How to reshape the output of a sequence to fit an image grid

jleobernard · February 23, 2021, 10:22am

Hi,
I’m trying to implement my version of a MDLSTM-powered OCR as described here but my training doesn’t work that well (even though the loss is decreasing I only predict blanks). I’ve nailed it down to a problem in reshaping the output of my MDLSTM layer.
As an input I have x.shape = (batch_size, in_channels, height, width) and as a raw input I have a List of height x width torch.Tensor, each having the shape (batch_size, out_channels).
What I did at first (and which turned out to be wrong) was a simple

torch.stack(hidden_states_direction).view((batch_size, self.out_channels, height, width))

Which does not yield the result I expect as it mixes the outputs together.
Let’s say having looped through my batch_size = 2 images of dimension (height=4, width=3) to produce 5 channels per pixel I have the following list

> [torch.rand(2,5) for x in range(12)]
[tensor([[0.1348, 0.0710, 0.9240, 0.9735, 0.7842],
        [0.5013, 0.7658, 0.1962, 0.3333, 0.5991]]), tensor([[0.7568, 0.1716, 0.7395, 0.6700, 0.9601],
        [0.2582, 0.0923, 0.9973, 0.3343, 0.9009]]), tensor([[0.5934, 0.1546, 0.1858, 0.5376, 0.7067],
        [0.8049, 0.6795, 0.3320, 0.4425, 0.7615]]), tensor([[0.7460, 0.8905, 0.6827, 0.4476, 0.0609],
        [0.0105, 0.5343, 0.5208, 0.4784, 0.1590]]), tensor([[0.4839, 0.6299, 0.4922, 0.0787, 0.8225],
        [0.5834, 0.1190, 0.2080, 0.4747, 0.3932]]), tensor([[0.0718, 0.3101, 0.3698, 0.9139, 0.9014],
        [0.5892, 0.1495, 0.6075, 0.5335, 0.0016]]), tensor([[0.5517, 0.9652, 0.5177, 0.7239, 0.0961],
        [0.0418, 0.6147, 0.5976, 0.5161, 0.6613]]), tensor([[0.2002, 0.9971, 0.1544, 0.4872, 0.4858],
        [0.3859, 0.7651, 0.6934, 0.2272, 0.8044]]), tensor([[0.2976, 0.6103, 0.3540, 0.8902, 0.8026],
        [0.2527, 0.7077, 0.4747, 0.6466, 0.1127]]), tensor([[0.1744, 0.9700, 0.2080, 0.1341, 0.7072],
        [0.9541, 0.4466, 0.0883, 0.5382, 0.3992]]), tensor([[0.5413, 0.7202, 0.6576, 0.0709, 0.3593],
        [0.9235, 0.5360, 0.0626, 0.8336, 0.3391]]), tensor([[0.8896, 0.2198, 0.6680, 0.3688, 0.0389],
        [0.8154, 0.5059, 0.9234, 0.9816, 0.5019]])]

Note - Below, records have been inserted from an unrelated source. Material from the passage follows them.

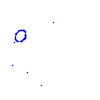
Particle: pion
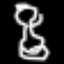
Label: hourglass
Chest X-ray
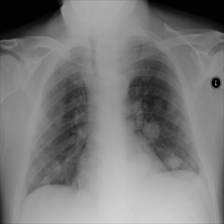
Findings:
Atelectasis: negative
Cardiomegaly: negative
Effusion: negative
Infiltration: negative
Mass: positive
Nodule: negative
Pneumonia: negative
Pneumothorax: negative
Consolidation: negative
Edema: negative
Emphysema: negative
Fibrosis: negative
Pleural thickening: negative
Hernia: negative
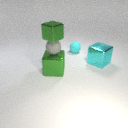
small cyan rubber sphere to the left of large cyan metal cube
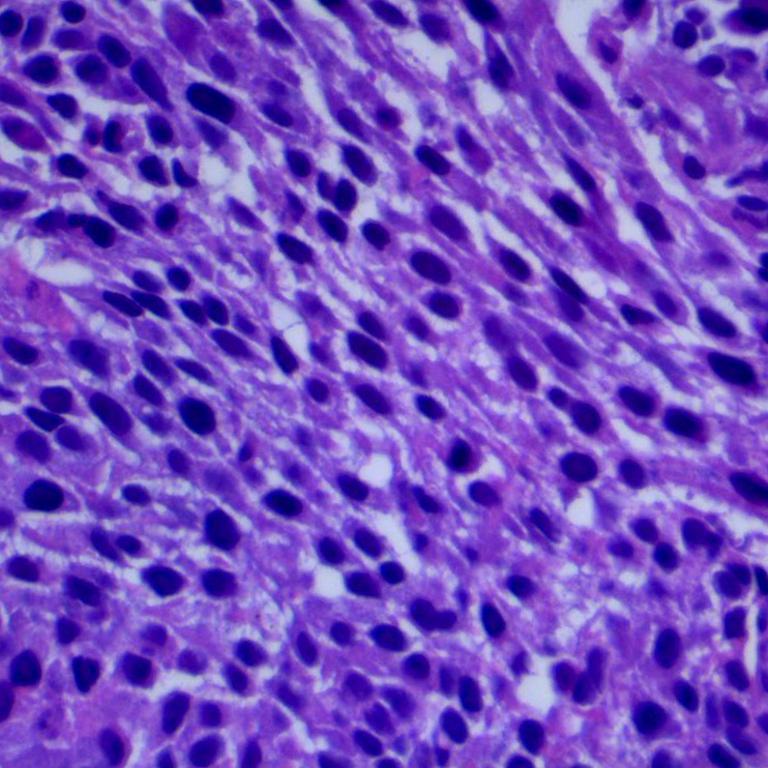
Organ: lung
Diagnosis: squamous carcinomas
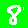
Digit: 8
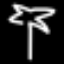
Label: palm tree
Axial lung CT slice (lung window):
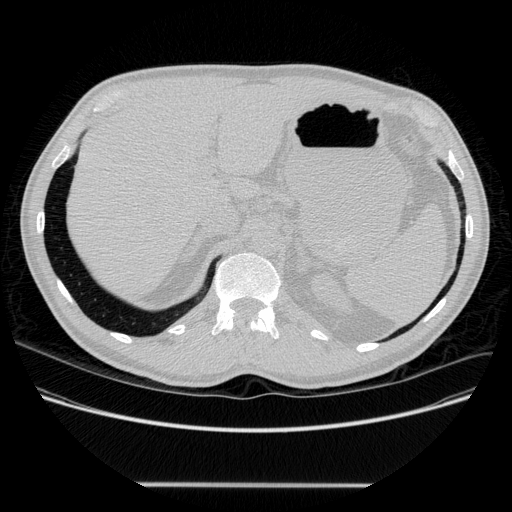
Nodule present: no
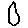
Label: hexagon
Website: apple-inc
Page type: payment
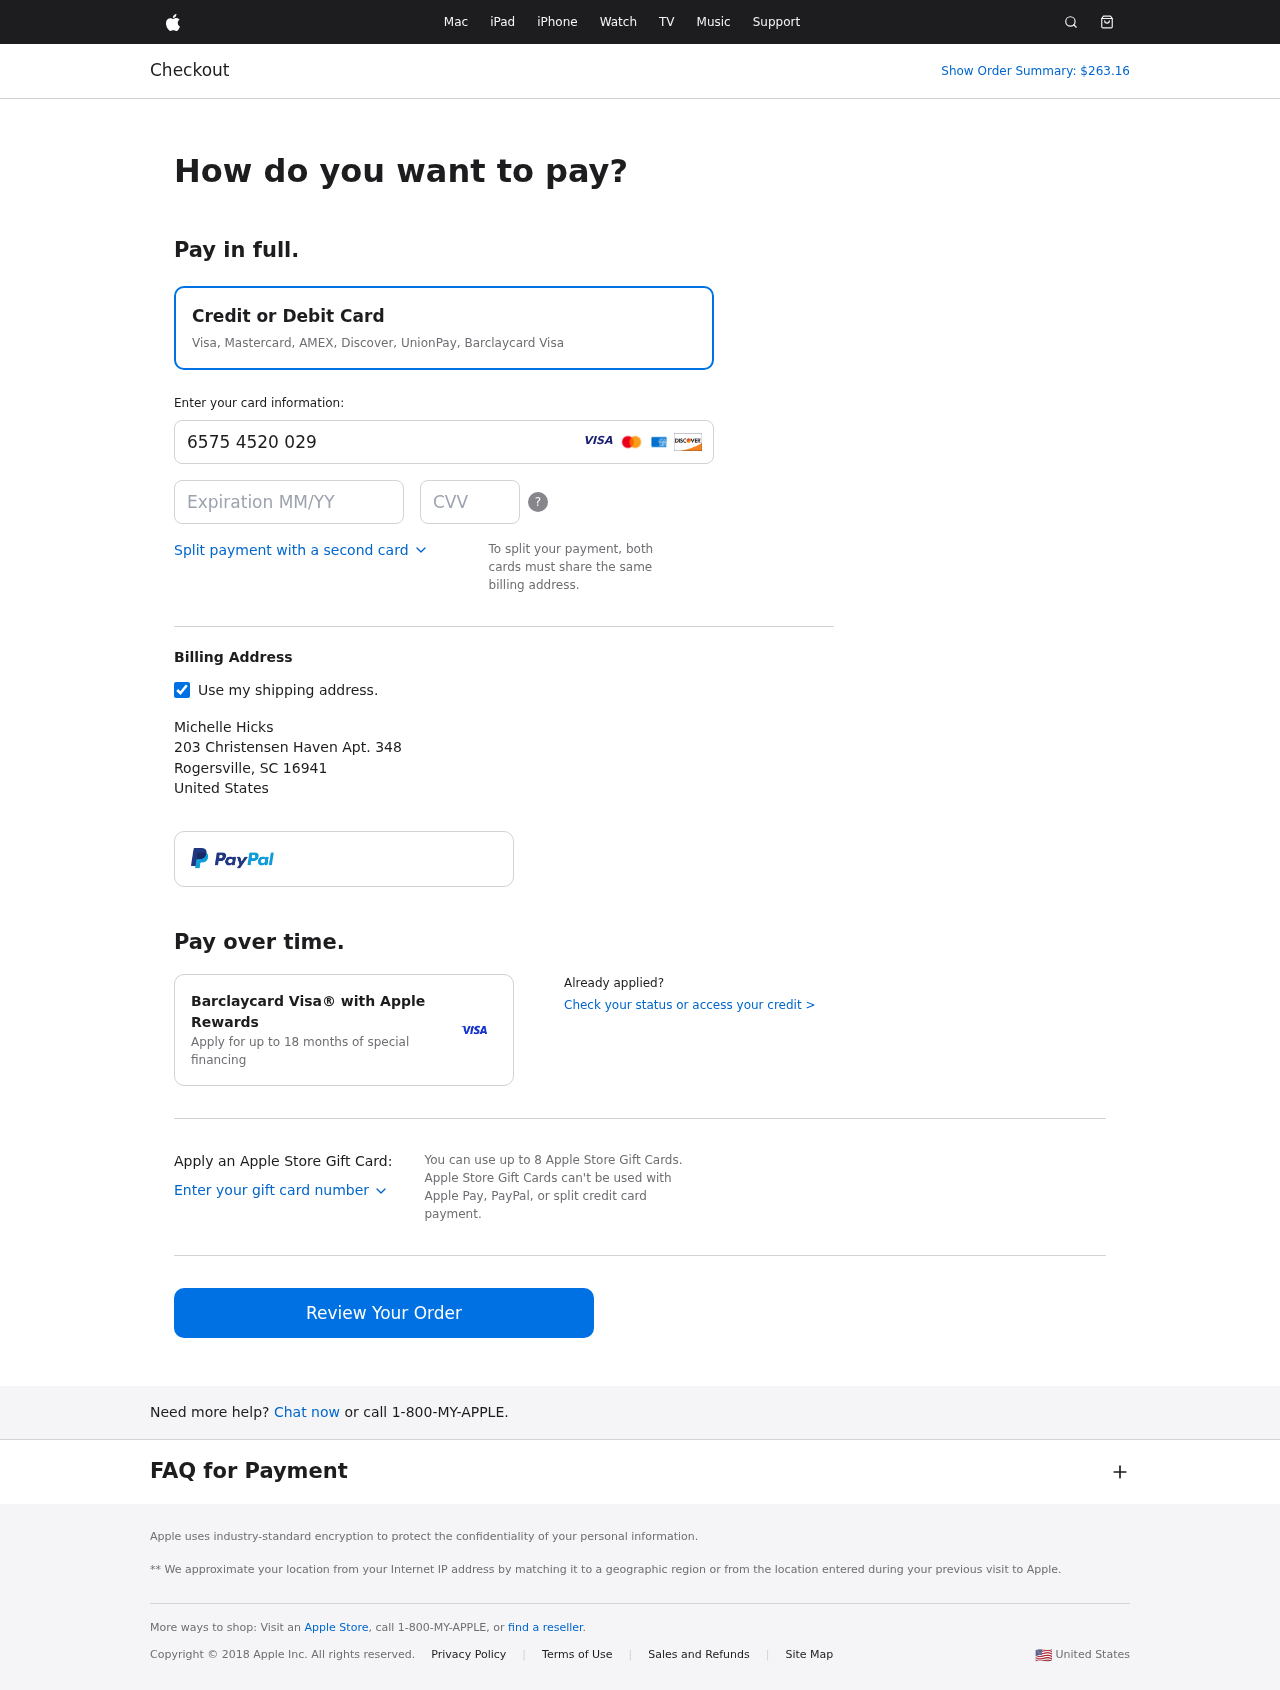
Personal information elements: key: PII_CARD_CVV
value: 343
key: PII_CARD_EXPIRY
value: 02/29
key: PII_CARD_NUMBER
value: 6575 4520 0290 5334
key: PII_CITY
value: Rogersville
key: PII_COUNTRY
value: United States
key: PII_FULLNAME
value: Michelle Hicks
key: PII_POSTCODE
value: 16941
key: PII_STATE_ABBR
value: SC
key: PII_STREET
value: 203 Christensen Haven Apt. 348
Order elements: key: ORDER_TOTAL
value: Show Order Summary: $263.16
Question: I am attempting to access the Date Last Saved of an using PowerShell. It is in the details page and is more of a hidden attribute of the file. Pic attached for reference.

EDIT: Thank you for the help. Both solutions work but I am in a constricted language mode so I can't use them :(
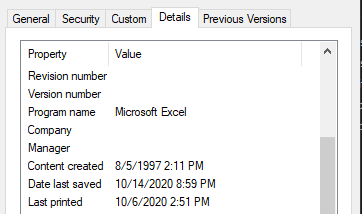
Answer: Went down a bit of a rabbit hole for this one but I found the below.
The attribute is not part of the file properties. It is part of the worksheets properties (as are many attributes).
Full credit goes to Ed Wilson and Craig Liebendorfer, Scripting Guys - <URL>
'''
$excel = New-Object -ComObject Excel.Application
$excel.Visible = $false
$workbook = $excel.Workbooks.Open("C: emp\Test.xlsx")
$binding = "System.Reflection.BindingFlags" -as [type]
Foreach($property in $workbook.BuiltInDocumentProperties){
if ([System.__ComObject].invokemember("name",$binding::GetProperty,$null,$property,$null) -eq "Last save time"){
[System.__ComObject].invokemember("value",$binding::GetProperty,$null,$property,$null)
}
}
$excel.quit()
'''

Now when I want to put all that back in the form of (batch_size, self.out_channels, height, width) I get

>>> torch.stack(r).view(2, 5, 4, 3)
tensor([[[[0.1348, 0.0710, 0.9240],
          [0.9735, 0.7842, 0.5013],
          [0.7658, 0.1962, 0.3333],
          [0.5991, 0.7568, 0.1716]],

         [[0.7395, 0.6700, 0.9601],
          [0.2582, 0.0923, 0.9973],
          [0.3343, 0.9009, 0.5934],
          [0.1546, 0.1858, 0.5376]],
...

When I would actually want something like

>>> torch.stack(r).view(2, 5, 4, 3)
tensor([[[[0.1348, 0.7568, 0.5934],
          [0.7460, 0.4839, 0.0718],
          [0.5517, 0.2002, 0.2976],
          [0.1744, 0.5413, 0.8896]],

         [[0.0710, 0.1716, 0.1546],
          [0.8905, 0.6299, 0.3101],
          [0.9652, 0.9971, 0.6103],
          [0.9700, 0.7202, 0.2198]],
...

Any help would be greatly appreciated

jleobernard · February 23, 2021, 10:32am

Well if anyone is interested I’ve find the fold solution :

fold = torch.nn.Fold(output_size=(4, 3), kernel_size=(1, 1))
fold(torch.stack(r, dim=2)))

This worked in the sample-case I described.